YOUR OBJECTIVE: Take each line from the entries that holds "size" and copy it out.

MATERIAL PROVIDED:
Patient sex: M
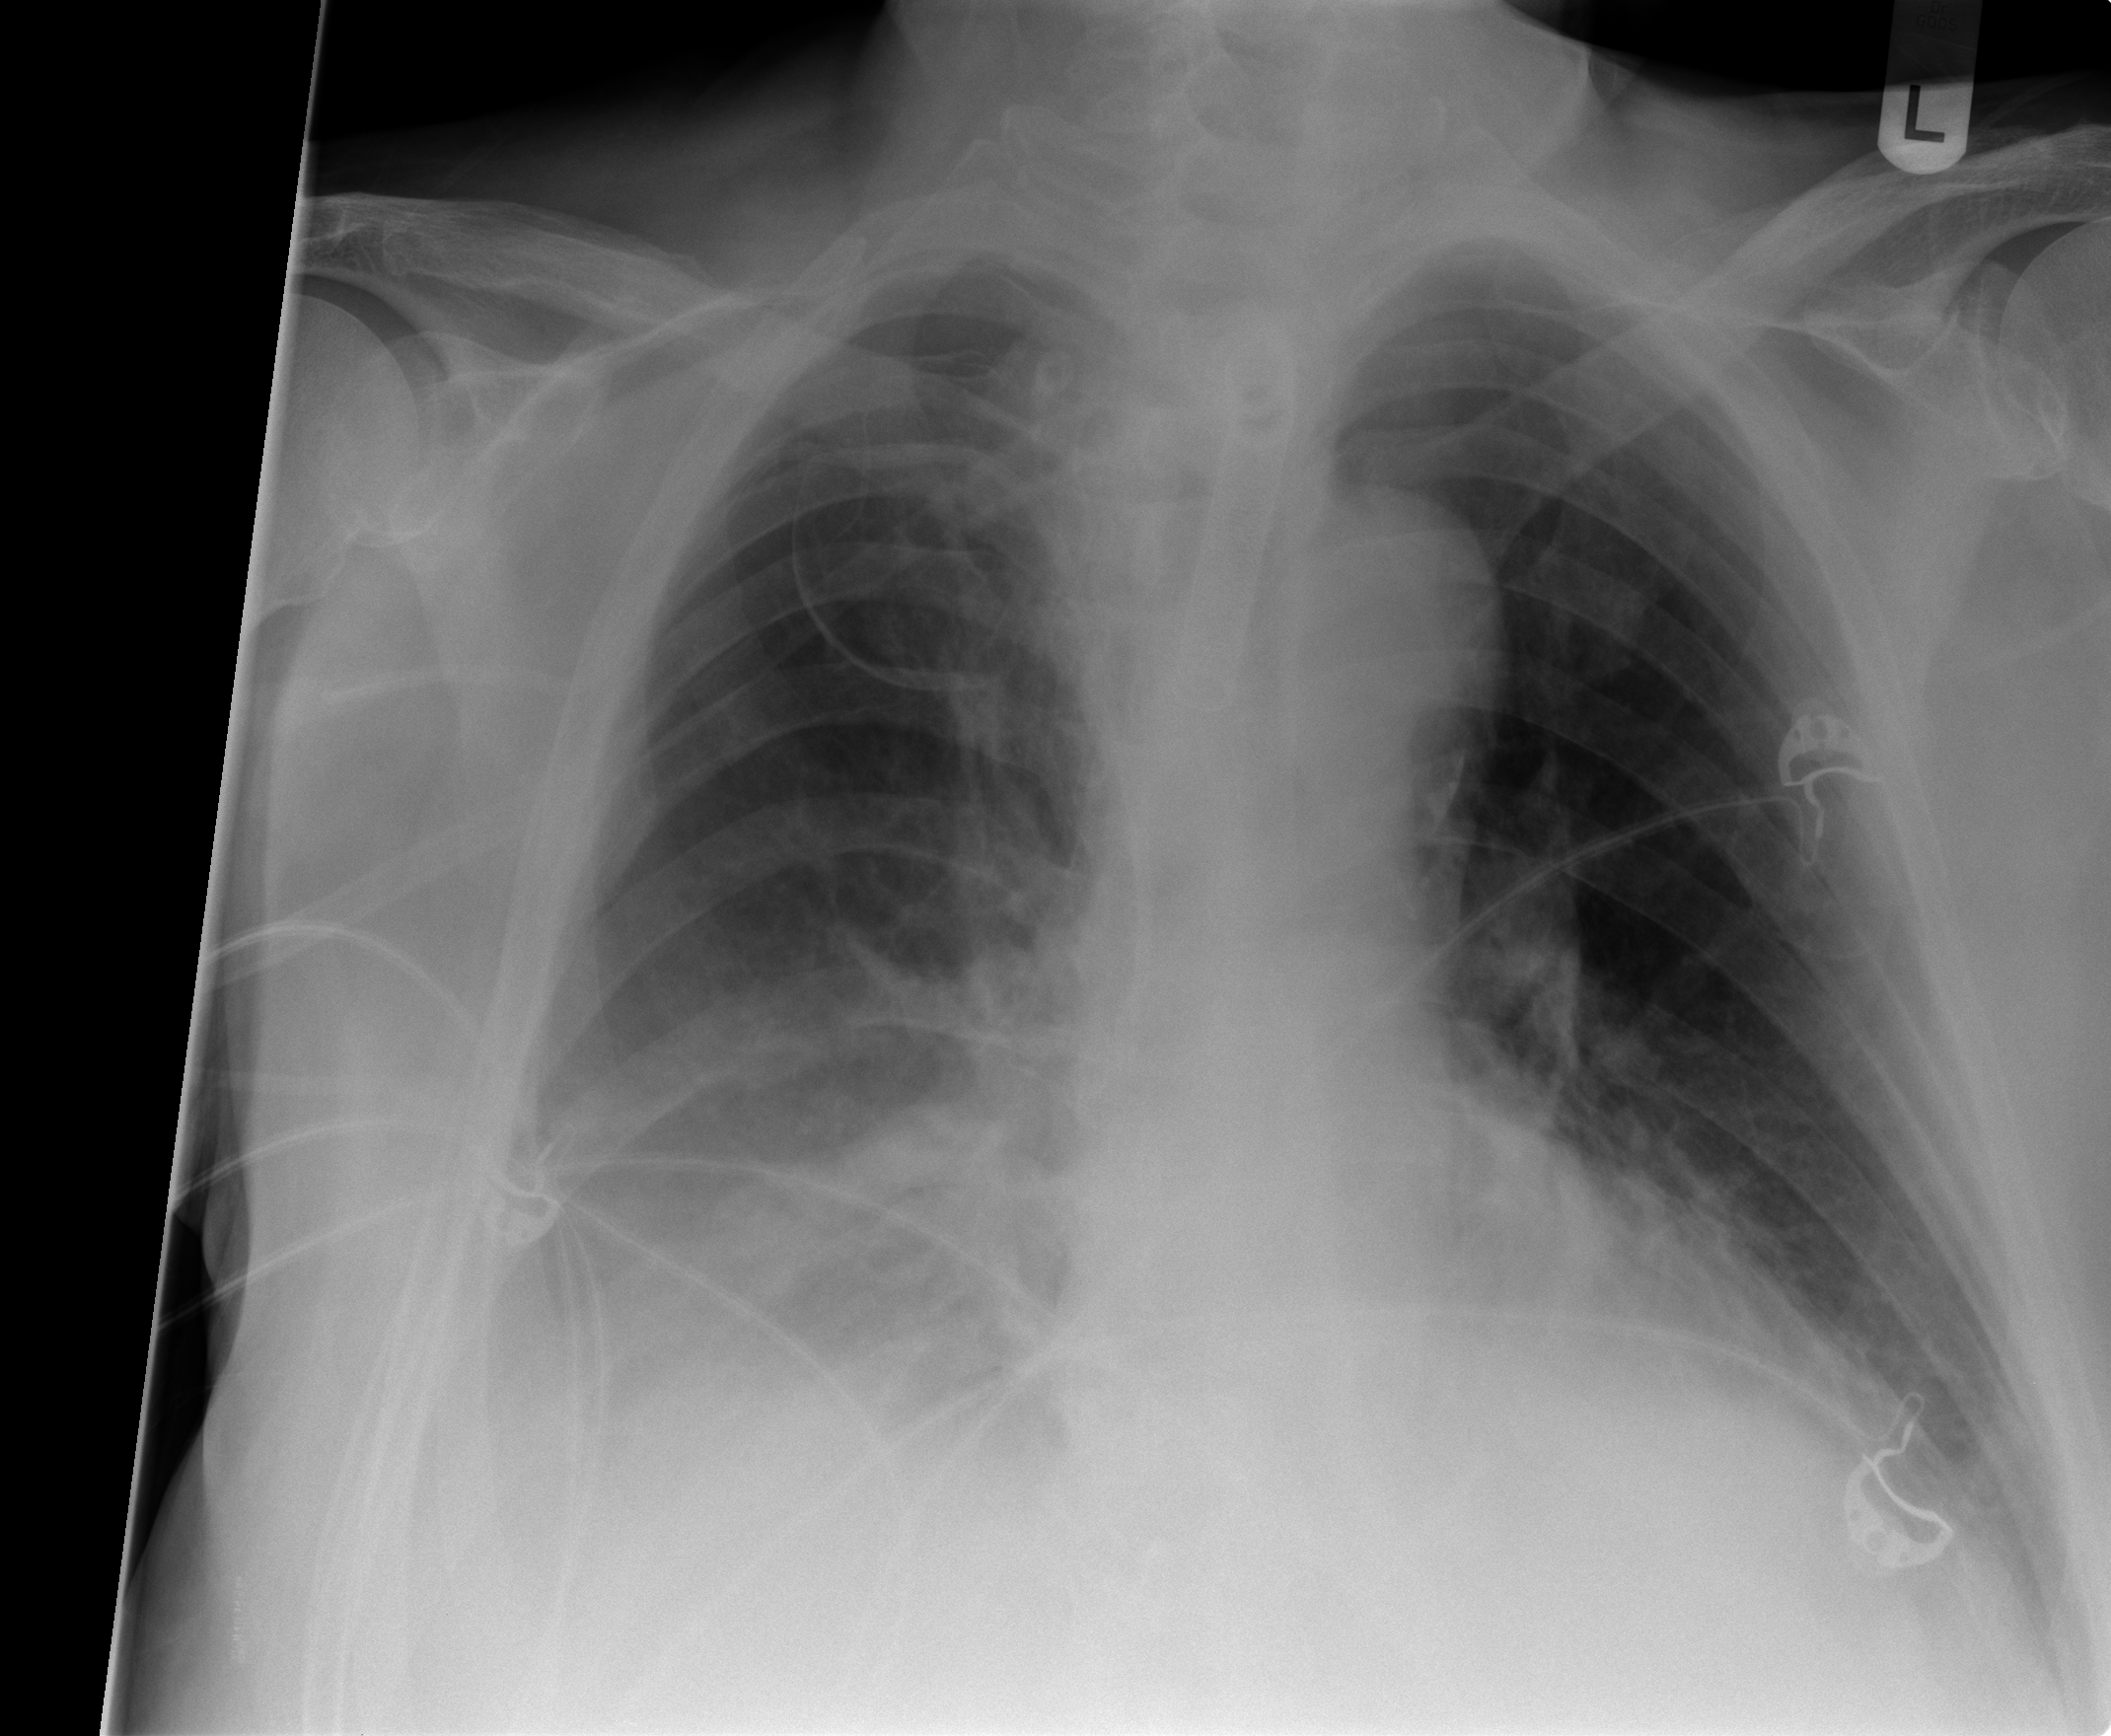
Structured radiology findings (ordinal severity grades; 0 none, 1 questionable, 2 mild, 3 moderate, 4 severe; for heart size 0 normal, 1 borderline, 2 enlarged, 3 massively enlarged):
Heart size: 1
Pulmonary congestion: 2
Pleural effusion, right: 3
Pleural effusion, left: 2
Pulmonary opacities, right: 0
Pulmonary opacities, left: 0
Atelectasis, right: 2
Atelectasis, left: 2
...
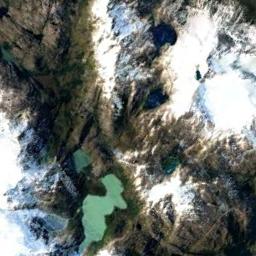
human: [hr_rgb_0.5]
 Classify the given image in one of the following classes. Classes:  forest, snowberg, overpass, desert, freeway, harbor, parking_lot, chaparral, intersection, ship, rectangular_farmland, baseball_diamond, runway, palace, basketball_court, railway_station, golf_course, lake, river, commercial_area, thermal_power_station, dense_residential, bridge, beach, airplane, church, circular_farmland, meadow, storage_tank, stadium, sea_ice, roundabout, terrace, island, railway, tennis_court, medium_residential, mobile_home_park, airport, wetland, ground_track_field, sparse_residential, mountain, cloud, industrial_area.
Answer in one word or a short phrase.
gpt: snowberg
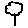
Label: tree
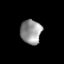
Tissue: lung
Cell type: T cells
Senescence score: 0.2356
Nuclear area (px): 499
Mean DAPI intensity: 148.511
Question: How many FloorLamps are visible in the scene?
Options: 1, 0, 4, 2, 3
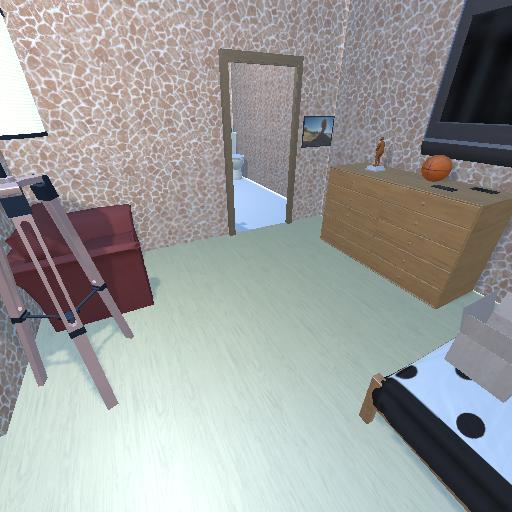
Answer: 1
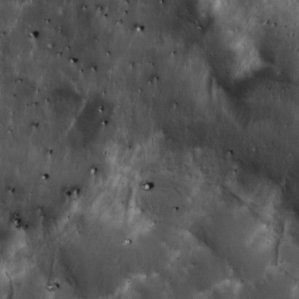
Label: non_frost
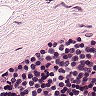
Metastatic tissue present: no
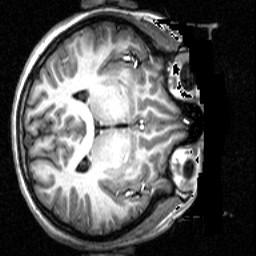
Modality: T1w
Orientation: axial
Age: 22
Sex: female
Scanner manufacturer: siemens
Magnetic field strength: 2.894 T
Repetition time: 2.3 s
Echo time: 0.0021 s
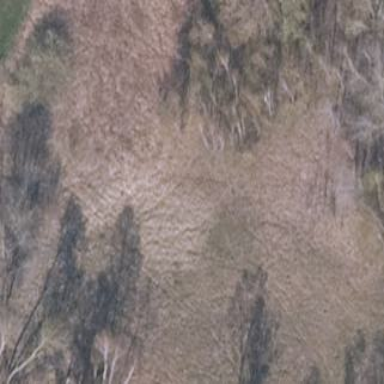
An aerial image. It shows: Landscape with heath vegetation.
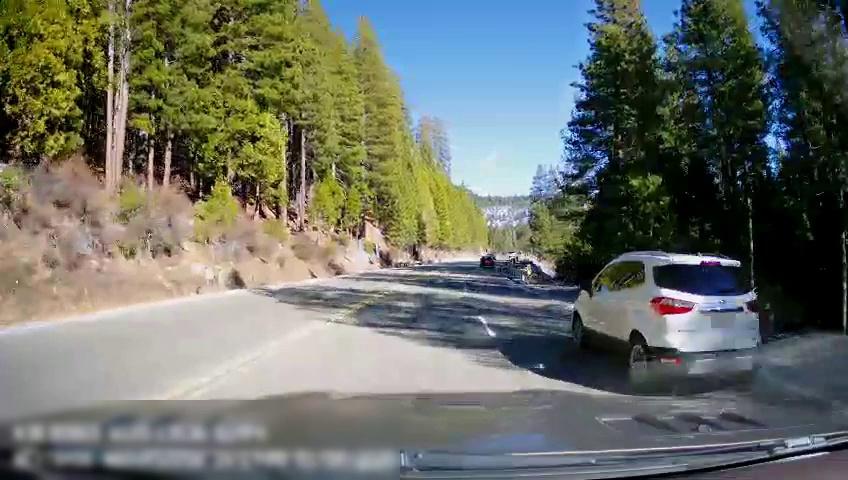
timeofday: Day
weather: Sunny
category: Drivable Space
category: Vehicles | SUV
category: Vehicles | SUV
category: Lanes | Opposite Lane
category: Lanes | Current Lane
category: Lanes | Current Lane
* * *
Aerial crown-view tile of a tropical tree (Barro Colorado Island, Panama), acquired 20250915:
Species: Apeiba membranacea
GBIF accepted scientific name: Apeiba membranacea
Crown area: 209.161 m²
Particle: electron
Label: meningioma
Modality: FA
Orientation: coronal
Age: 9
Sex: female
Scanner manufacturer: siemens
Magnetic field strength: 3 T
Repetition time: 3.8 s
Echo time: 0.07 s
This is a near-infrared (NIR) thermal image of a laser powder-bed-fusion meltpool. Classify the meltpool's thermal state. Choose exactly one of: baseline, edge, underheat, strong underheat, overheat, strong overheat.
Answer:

SOLUTION TO THE EXERCISE:
Structured radiology findings (ordinal severity grades; 0 none, 1 questionable, 2 mild, 3 moderate, 4 severe; for heart size 0 normal, 1 borderline, 2 enlarged, 3 massively enlarged):
Heart size: 1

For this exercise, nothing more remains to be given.